Vistas desde el parque de Can Rius
Safareig de la Portalera

Saliendo por el lateral, de nuevo la riera. Paré un momento para contemplar el paisaje y me sorprendió el absoluto silencio que reinaba, sólo roto por unos pocos mayores faenando en las huertas colindantes y el choque de la corriente contra las rocas. ¡Quién diría que estamos en el siglo XXI! Tras ubicarme, decidí dar media vuelta y volver en la misma dirección que había venido, pero esta vez por el camino de la riera. ¿Quién sabe? quizá me había perdido algo… No, no demasiado. Unos metros atrás, bajo el puente del parque de Can Rius había habido un molino, el Molí de l’Esclop, ahora en ruinas, y una placa que informaba sobre su funcionamiento e importancia en la industria termal. Volví sobre mis pasos hasta el Safareig y seguí adelante hasta el edificio quizá más monumental de toda la villa: La Parroquia de Santa María. De nuevo, no soy muy fan de las iglesias, pero ya que había ido hasta allí para conocer más a fondo la historia de Caldes, tenía que entrar. «Sobria» es el adjetivo que mejor la describiría. Lo que casi siempre llama mi atención de estos templos son las vidrieras de colores y la forma en que se filtra la luz a través de ellas. Es muy bonito. Allí, me cautivó en especial la luz de una de las naves laterales. En ella había una talla de no sé qué siglo y unos pocos bancos, y la luz anaranjada lo iluminaba todo creando unas figuras y sombras muy interesantes, fotográficamente hablando.

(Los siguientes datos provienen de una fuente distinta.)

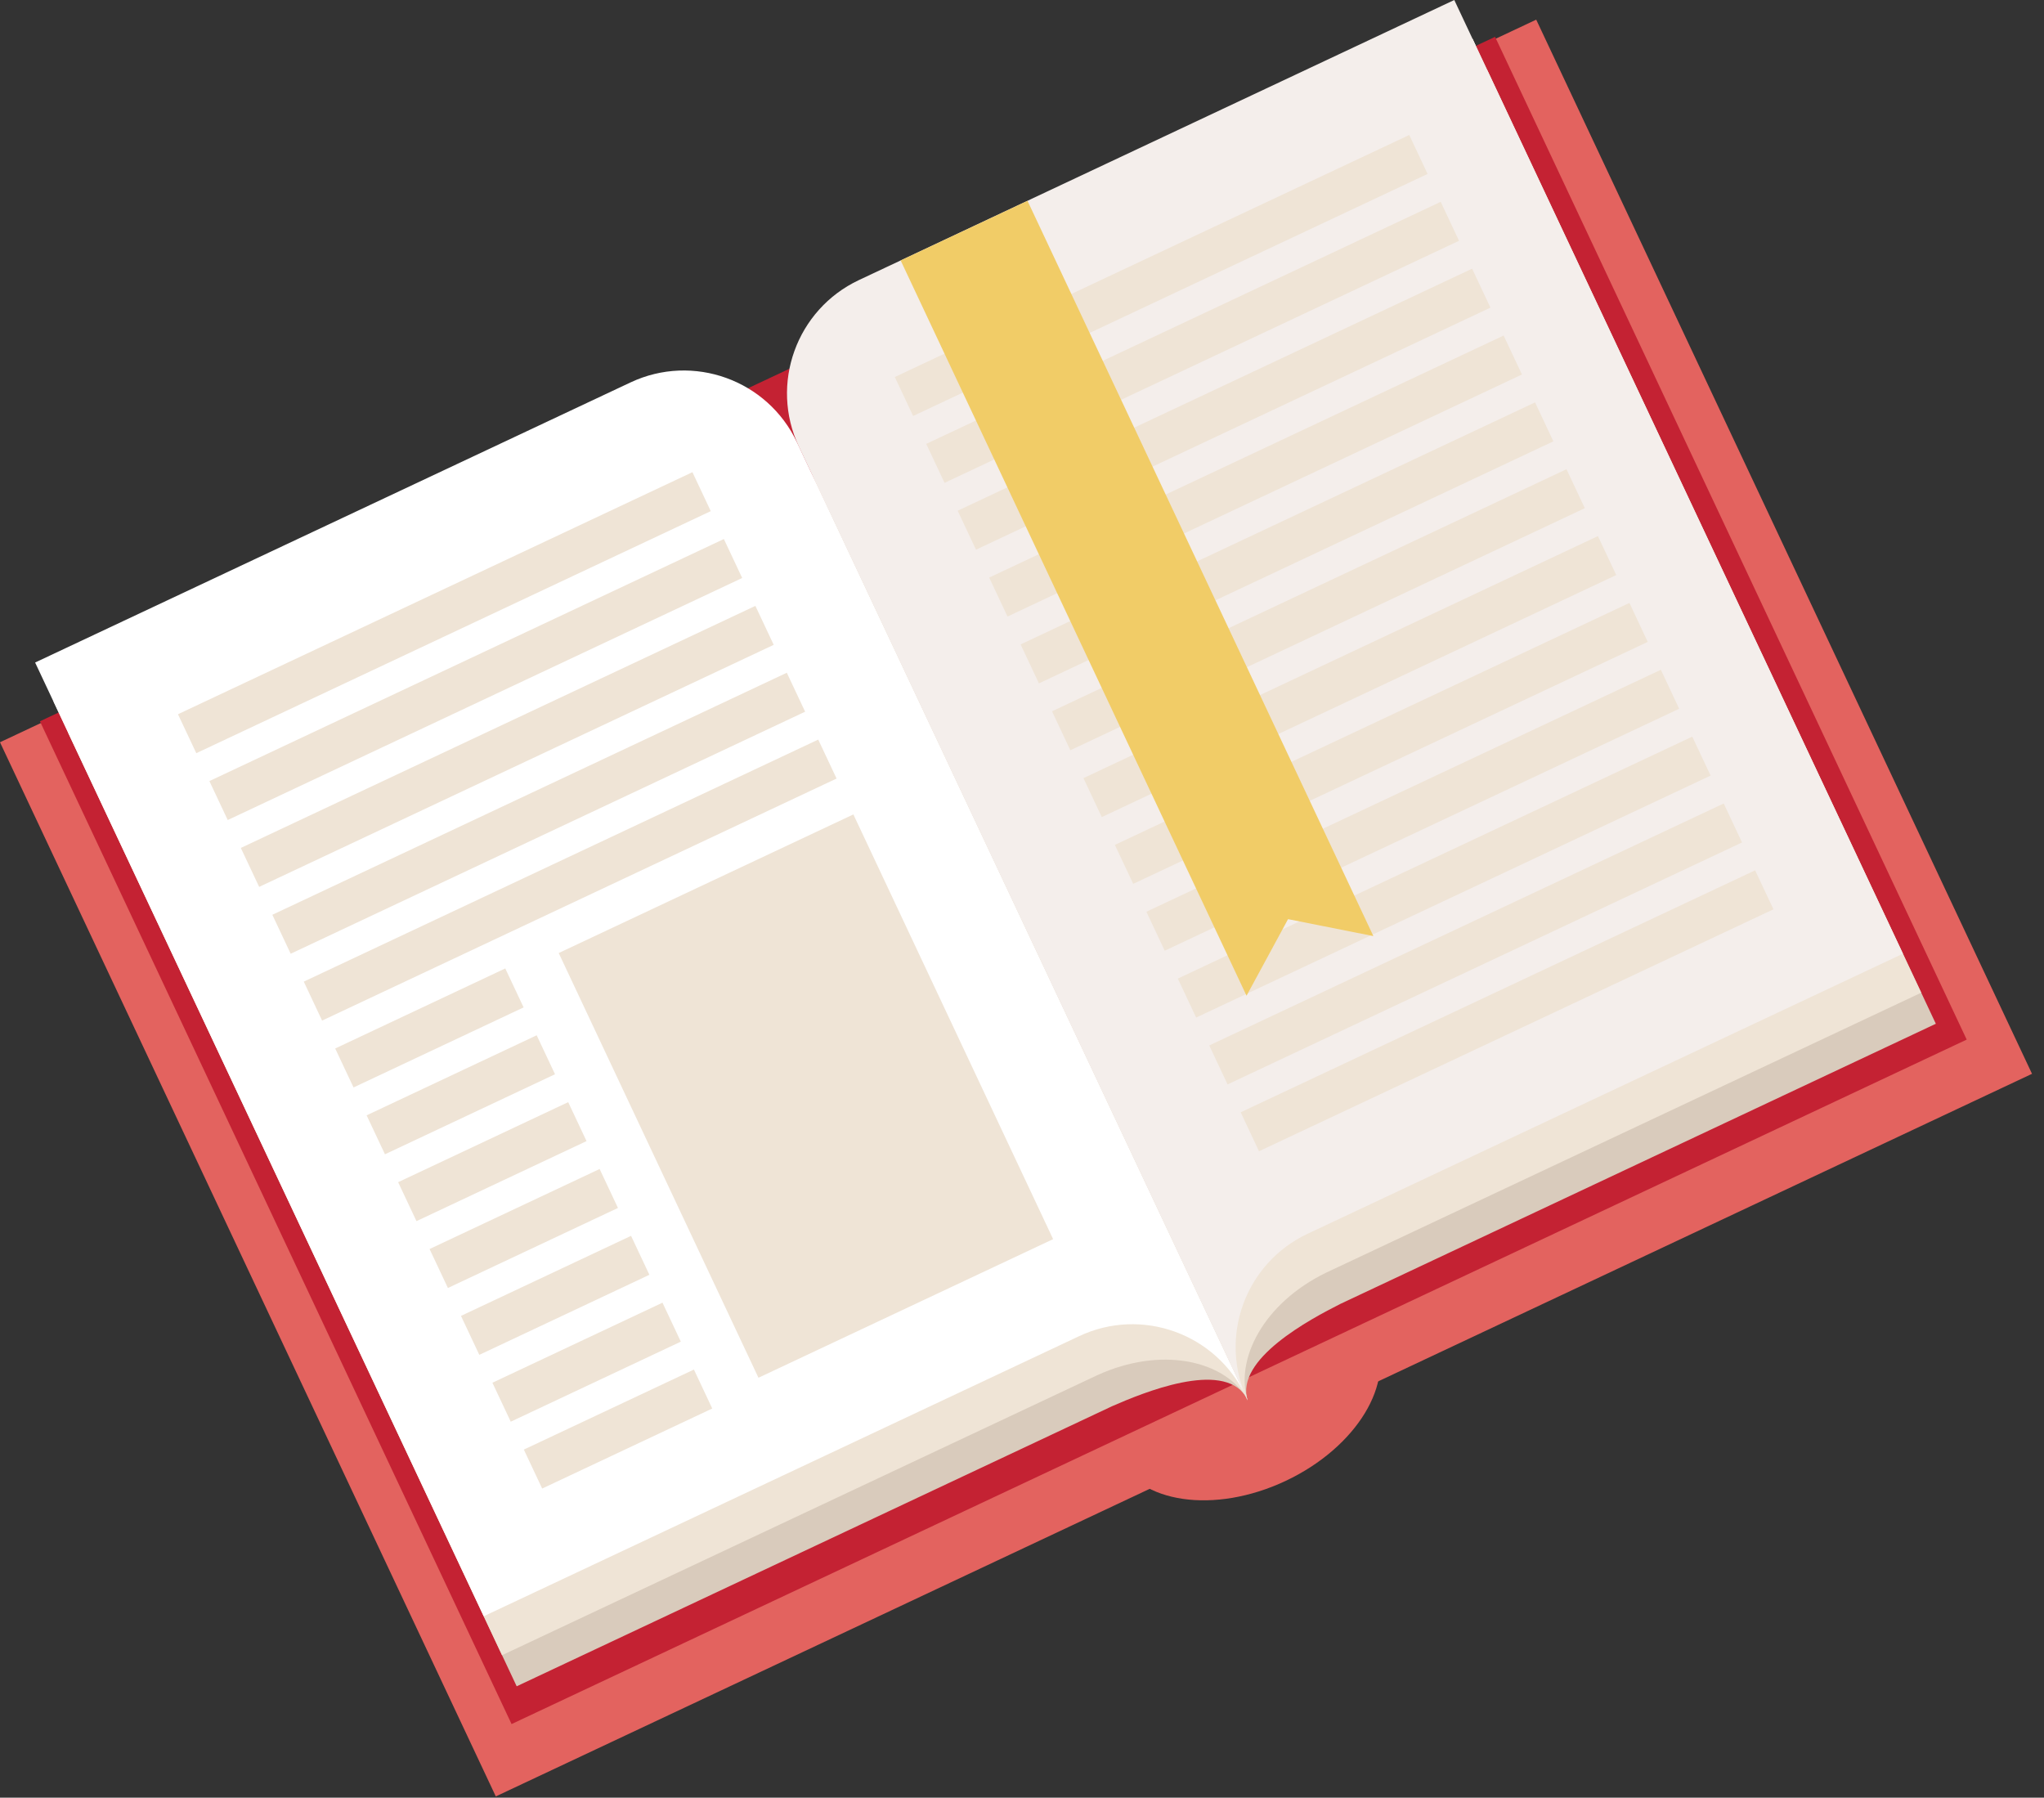 <?xml version="1.0" encoding="UTF-8"?> <svg xmlns="http://www.w3.org/2000/svg" width="141" height="124" viewBox="0 0 141 124" fill="none"><rect x="0" y="0" width="141" height="124" fill="#333333" stroke="none"/><path d="M105.972 1.356L-3.05176e-05 51.2L34.201 123.914L140.173 74.07L105.972 1.356Z" fill="#E3635F"></path><path d="M94.792 92.13C96.314 95.364 93.577 99.849 88.678 102.155C83.779 104.46 78.575 103.706 77.06 100.472C75.539 97.238 78.276 92.752 83.174 90.447C88.073 88.141 93.277 88.896 94.792 92.13Z" fill="#E3635F"></path><path d="M60.513 22.008C56.201 24.038 54.345 29.183 56.375 33.495L86.061 96.597C85.187 93.759 87.157 89.896 91.463 87.794L132.533 68.474L101.584 2.689L60.513 22.008Z" fill="#EFE4D6"></path><path d="M103.134 2.54L2.755 49.754L35.289 118.924L135.668 71.71L103.134 2.54Z" fill="#C42233"></path><path d="M61.525 24.152C57.214 26.183 55.357 31.327 57.387 35.639L86.061 96.591C85.187 93.753 90.385 90.992 92.469 89.938L133.539 70.618L102.596 4.833L61.525 24.152Z" fill="#D9CBBC"></path><path d="M60.513 22.008C56.201 24.038 54.345 29.183 56.375 33.495L86.061 96.597C85.187 93.759 87.157 89.896 91.463 87.794L132.533 68.474L101.584 2.689L60.513 22.008Z" fill="#EFE4D6"></path><path d="M59.25 19.319C54.938 21.35 53.081 26.494 55.111 30.806L86.061 96.591C84.031 92.279 85.881 87.135 90.199 85.105L131.269 65.785L100.32 0L59.25 19.319Z" fill="#F4EEEB"></path><path d="M45.763 31.213C50.075 29.183 55.219 31.033 57.249 35.351L85.923 96.304C84.294 93.819 78.851 96.064 76.713 96.999L35.642 116.318L4.693 50.532L45.763 31.213Z" fill="#D9CBBC"></path><path d="M44.751 29.063C49.063 27.033 54.207 28.883 56.237 33.201L85.923 96.304C84.294 93.819 80.06 92.872 75.701 94.855L34.63 114.174L3.687 48.382L44.751 29.063Z" fill="#EFE4D6"></path><path d="M43.493 26.38C47.805 24.35 52.95 26.2 54.98 30.518L85.929 96.304C83.899 91.992 78.755 90.135 74.443 92.166L33.373 111.485L2.423 45.7L43.493 26.38Z" fill="white"></path><path d="M62.358 27.35L97.847 10.654" stroke="#EFE4D6" stroke-width="2.97" stroke-miterlimit="10"></path><path d="M64.526 31.962L100.015 15.265" stroke="#EFE4D6" stroke-width="2.97" stroke-miterlimit="10"></path><path d="M66.694 36.573L102.182 19.876" stroke="#EFE4D6" stroke-width="2.97" stroke-miterlimit="10"></path><path d="M68.868 41.184L104.356 24.488" stroke="#EFE4D6" stroke-width="2.97" stroke-miterlimit="10"></path><path d="M71.035 45.795L106.524 29.099" stroke="#EFE4D6" stroke-width="2.97" stroke-miterlimit="10"></path><path d="M73.203 50.407L108.692 33.71" stroke="#EFE4D6" stroke-width="2.97" stroke-miterlimit="10"></path><path d="M75.371 55.018L110.86 38.322" stroke="#EFE4D6" stroke-width="2.97" stroke-miterlimit="10"></path><path d="M77.539 59.623L113.034 42.933" stroke="#EFE4D6" stroke-width="2.97" stroke-miterlimit="10"></path><path d="M79.713 64.234L115.202 47.544" stroke="#EFE4D6" stroke-width="2.97" stroke-miterlimit="10"></path><path d="M81.881 68.846L117.37 52.155" stroke="#EFE4D6" stroke-width="2.97" stroke-miterlimit="10"></path><path d="M84.049 73.457L119.538 56.767" stroke="#EFE4D6" stroke-width="2.97" stroke-miterlimit="10"></path><path d="M86.217 78.068L121.705 61.378" stroke="#EFE4D6" stroke-width="2.97" stroke-miterlimit="10"></path><path d="M12.909 50.61L48.398 33.914" stroke="#EFE4D6" stroke-width="2.97" stroke-miterlimit="10"></path><path d="M15.077 55.221L50.566 38.525" stroke="#EFE4D6" stroke-width="2.97" stroke-miterlimit="10"></path><path d="M17.245 59.833L52.74 43.136" stroke="#EFE4D6" stroke-width="2.97" stroke-miterlimit="10"></path><path d="M19.419 64.444L54.908 47.748" stroke="#EFE4D6" stroke-width="2.97" stroke-miterlimit="10"></path><path d="M21.587 69.055L57.076 52.359" stroke="#EFE4D6" stroke-width="2.97" stroke-miterlimit="10"></path><path d="M23.755 73.667L35.487 68.145" stroke="#EFE4D6" stroke-width="2.97" stroke-miterlimit="10"></path><path d="M25.923 78.278L37.654 72.756" stroke="#EFE4D6" stroke-width="2.97" stroke-miterlimit="10"></path><path d="M28.097 82.889L39.828 77.368" stroke="#EFE4D6" stroke-width="2.97" stroke-miterlimit="10"></path><path d="M30.265 87.5L41.996 81.979" stroke="#EFE4D6" stroke-width="2.97" stroke-miterlimit="10"></path><path d="M32.432 92.112L44.164 86.59" stroke="#EFE4D6" stroke-width="2.97" stroke-miterlimit="10"></path><path d="M34.6 96.723L46.332 91.201" stroke="#EFE4D6" stroke-width="2.97" stroke-miterlimit="10"></path><path d="M36.768 101.334L48.5 95.813" stroke="#EFE4D6" stroke-width="2.97" stroke-miterlimit="10"></path><path d="M94.739 64.57L88.852 63.402L85.989 68.684L62.13 17.966L70.88 13.852L94.739 64.57Z" fill="#F1CC67"></path><path d="M58.868 56.178L38.541 65.739L52.32 95.035L72.647 85.474L58.868 56.178Z" fill="#EFE4D6"></path></svg>

Nave de la Parroquia de Santa María

Fue una mañana muy instructiva y así se lo hice saber a mi familia al volver a casa. Mi abuelo, profundo conocedor de estos parajes, me dijo que me llevaría a otro sitio cercano para completar mi experiencia calderina. Unos días más tarde, cogimos el coche y recorrimos de nuevo la carretera hasta Caldes. Dejamos el pueblo atrás, o mejor dicho a un lado, y nos acercamos hasta las montañas de Gallifa. Tras 8 kilómetros de curvas e impresionantes vistas, llegamos a la Urbanización del Farrell, que también dejamos atrás. Unas cuantas curvas más y al fin nuestro destino: Sant Sebastià de Montmajor. Cuando digo que aquella «aldea» eran sólo tres casas, una capilla y un restaurante es literal. Esto último no lo digo en tono negativo, es uno de los lugares más encantadores que he visto. Nos sentamos en un banco a comernos un bocadillo y ¡qué paz! El aire, bien fresco por las últimas lluvias de primavera, soplaba y acariciaba las copas de los árboles, los pájaros conversaban entre ellos mediante alegres y apaciguadores gorjeos…

Nos acercamos hasta la plaza principal (de alguna manera tengo que llamarla) donde se encontraban el restaurante y la capilla, que se habían quedado enclavados en otro tiempo. Mi abuelo quiso saber de qué siglo era aquella iglesia y la respuesta resonó sobre nuestras cabezas de la mano de una voz ronca y con un profundo acento catalán. El hombre, que más tarde supimos vivía allí todo el año con su familia y llevaba el restaurante, nos dijo que era del siglo XI y entabló enseguida una conversación con mi abuelo sobre, como no, ciclismo. Yo me escabullí y di una vuelta a la manzana (de nuevo un eufemismo) recorriendo con los dedos los murales centenarios en las paredes de roca. Fue corta nuestra estada allí, pero maravillosa. ¿Cuántos sitios como este me amparará la vida…? ¡Y cuántas ganas tengo de descubrirlos todos! La  lluvia nos sorprendió al salir de un bar en el Farrell y nos metimos rápidamente en el coche para volver ya a casa.